**TASK ITEM**
Give again, word for word, every line below from the one that has "#658 = CARTESIAN_POINT" through the one that has "#1140 = LINE ( 'NONE', #794, #813 ) ;", both included, and no others.

++++++++++

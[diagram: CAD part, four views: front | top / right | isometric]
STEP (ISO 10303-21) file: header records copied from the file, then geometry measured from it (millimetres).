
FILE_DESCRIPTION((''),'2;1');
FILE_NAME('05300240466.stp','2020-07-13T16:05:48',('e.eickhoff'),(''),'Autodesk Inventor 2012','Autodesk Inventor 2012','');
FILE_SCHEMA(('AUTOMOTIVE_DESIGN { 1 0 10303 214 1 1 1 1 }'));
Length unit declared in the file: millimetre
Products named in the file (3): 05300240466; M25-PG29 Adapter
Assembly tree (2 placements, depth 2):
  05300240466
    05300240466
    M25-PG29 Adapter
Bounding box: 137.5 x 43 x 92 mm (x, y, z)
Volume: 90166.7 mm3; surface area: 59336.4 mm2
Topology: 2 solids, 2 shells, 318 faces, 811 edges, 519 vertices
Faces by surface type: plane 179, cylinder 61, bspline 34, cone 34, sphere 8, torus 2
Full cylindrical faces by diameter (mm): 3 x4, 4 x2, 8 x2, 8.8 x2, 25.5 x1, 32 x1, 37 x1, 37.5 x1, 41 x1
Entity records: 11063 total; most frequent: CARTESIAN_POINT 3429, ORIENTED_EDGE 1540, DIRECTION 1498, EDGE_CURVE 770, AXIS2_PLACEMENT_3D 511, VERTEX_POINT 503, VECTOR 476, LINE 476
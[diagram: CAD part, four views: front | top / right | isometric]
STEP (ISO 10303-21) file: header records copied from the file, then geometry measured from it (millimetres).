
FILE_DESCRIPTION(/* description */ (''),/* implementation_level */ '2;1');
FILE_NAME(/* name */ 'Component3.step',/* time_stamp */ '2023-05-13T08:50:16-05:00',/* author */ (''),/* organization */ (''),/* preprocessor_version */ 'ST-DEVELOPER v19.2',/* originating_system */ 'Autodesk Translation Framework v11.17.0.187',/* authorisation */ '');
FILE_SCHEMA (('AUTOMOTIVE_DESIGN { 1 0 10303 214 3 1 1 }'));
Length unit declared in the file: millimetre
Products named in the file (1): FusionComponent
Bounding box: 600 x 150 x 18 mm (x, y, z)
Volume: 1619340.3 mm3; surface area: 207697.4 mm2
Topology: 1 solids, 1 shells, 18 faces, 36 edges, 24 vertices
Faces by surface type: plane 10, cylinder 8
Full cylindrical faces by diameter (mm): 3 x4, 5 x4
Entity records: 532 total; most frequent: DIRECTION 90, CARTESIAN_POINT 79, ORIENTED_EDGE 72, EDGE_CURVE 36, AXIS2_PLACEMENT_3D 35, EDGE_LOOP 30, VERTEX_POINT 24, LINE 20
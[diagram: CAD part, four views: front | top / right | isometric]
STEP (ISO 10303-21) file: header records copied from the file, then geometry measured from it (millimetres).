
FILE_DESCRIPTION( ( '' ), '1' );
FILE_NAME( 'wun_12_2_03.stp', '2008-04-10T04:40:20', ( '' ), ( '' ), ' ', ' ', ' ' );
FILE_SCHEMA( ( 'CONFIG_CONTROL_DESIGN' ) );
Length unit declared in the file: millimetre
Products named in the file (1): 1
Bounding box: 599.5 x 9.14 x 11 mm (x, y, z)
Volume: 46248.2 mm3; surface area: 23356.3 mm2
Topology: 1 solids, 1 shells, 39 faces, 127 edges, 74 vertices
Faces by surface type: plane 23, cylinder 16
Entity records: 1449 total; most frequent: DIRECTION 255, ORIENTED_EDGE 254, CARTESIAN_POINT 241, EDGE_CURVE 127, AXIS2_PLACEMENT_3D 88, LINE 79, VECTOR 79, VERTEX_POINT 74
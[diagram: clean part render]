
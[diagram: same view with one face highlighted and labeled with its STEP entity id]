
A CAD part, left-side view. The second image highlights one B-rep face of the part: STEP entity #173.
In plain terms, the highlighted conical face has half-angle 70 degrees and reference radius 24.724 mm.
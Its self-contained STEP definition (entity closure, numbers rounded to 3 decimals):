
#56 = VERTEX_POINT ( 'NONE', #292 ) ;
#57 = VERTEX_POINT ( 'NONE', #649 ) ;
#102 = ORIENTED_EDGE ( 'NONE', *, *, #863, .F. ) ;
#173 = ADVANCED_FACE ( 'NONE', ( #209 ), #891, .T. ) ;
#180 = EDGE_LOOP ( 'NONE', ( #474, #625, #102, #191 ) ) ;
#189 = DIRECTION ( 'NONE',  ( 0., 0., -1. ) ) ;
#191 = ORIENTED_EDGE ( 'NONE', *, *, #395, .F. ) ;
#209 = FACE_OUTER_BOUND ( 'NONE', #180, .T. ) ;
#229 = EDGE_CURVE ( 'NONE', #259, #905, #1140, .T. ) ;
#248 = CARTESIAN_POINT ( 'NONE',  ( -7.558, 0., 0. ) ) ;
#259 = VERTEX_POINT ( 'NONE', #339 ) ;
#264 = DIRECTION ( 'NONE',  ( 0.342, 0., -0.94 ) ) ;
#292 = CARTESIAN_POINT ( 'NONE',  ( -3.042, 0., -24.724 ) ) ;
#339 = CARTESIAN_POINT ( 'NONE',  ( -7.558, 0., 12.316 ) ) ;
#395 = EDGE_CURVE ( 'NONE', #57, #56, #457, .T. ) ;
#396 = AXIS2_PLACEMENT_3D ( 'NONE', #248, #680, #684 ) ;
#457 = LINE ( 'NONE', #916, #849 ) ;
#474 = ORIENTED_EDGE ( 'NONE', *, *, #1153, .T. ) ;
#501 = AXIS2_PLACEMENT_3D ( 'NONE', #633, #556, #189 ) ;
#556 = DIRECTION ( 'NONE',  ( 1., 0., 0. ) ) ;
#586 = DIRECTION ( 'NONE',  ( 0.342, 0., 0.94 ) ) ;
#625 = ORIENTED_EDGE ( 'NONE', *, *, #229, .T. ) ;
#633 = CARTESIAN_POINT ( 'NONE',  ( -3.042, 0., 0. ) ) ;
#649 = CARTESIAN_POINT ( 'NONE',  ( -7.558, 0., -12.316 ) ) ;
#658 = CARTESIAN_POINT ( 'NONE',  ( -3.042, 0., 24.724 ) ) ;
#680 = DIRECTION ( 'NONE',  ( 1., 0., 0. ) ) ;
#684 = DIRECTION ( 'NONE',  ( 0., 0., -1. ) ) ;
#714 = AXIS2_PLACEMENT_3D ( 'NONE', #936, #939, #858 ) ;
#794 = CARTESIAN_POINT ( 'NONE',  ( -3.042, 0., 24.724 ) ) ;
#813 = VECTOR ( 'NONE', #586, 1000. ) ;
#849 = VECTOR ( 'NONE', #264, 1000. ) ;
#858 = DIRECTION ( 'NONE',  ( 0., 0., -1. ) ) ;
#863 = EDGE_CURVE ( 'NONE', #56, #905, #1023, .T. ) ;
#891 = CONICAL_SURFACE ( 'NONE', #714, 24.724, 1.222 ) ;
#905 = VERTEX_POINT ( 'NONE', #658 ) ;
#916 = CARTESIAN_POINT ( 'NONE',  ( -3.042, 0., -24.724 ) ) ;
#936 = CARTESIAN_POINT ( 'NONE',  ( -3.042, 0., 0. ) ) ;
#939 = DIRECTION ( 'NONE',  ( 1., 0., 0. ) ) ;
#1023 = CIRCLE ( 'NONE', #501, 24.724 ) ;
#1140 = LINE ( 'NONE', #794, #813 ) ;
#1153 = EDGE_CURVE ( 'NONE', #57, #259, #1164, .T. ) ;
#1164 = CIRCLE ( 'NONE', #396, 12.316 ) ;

++++++++++

**FINISHED EXERCISE**
#658 = CARTESIAN_POINT ( 'NONE',  ( -3.042, 0., 24.724 ) ) ;
#680 = DIRECTION ( 'NONE',  ( 1., 0., 0. ) ) ;
#684 = DIRECTION ( 'NONE',  ( 0., 0., -1. ) ) ;
#714 = AXIS2_PLACEMENT_3D ( 'NONE', #936, #939, #858 ) ;
#794 = CARTESIAN_POINT ( 'NONE',  ( -3.042, 0., 24.724 ) ) ;
#813 = VECTOR ( 'NONE', #586, 1000. ) ;
#849 = VECTOR ( 'NONE', #264, 1000. ) ;
#858 = DIRECTION ( 'NONE',  ( 0., 0., -1. ) ) ;
#863 = EDGE_CURVE ( 'NONE', #56, #905, #1023, .T. ) ;
#891 = CONICAL_SURFACE ( 'NONE', #714, 24.724, 1.222 ) ;
#905 = VERTEX_POINT ( 'NONE', #658 ) ;
#916 = CARTESIAN_POINT ( 'NONE',  ( -3.042, 0., -24.724 ) ) ;
#936 = CARTESIAN_POINT ( 'NONE',  ( -3.042, 0., 0. ) ) ;
#939 = DIRECTION ( 'NONE',  ( 1., 0., 0. ) ) ;
#1023 = CIRCLE ( 'NONE', #501, 24.724 ) ;
#1140 = LINE ( 'NONE', #794, #813 ) ;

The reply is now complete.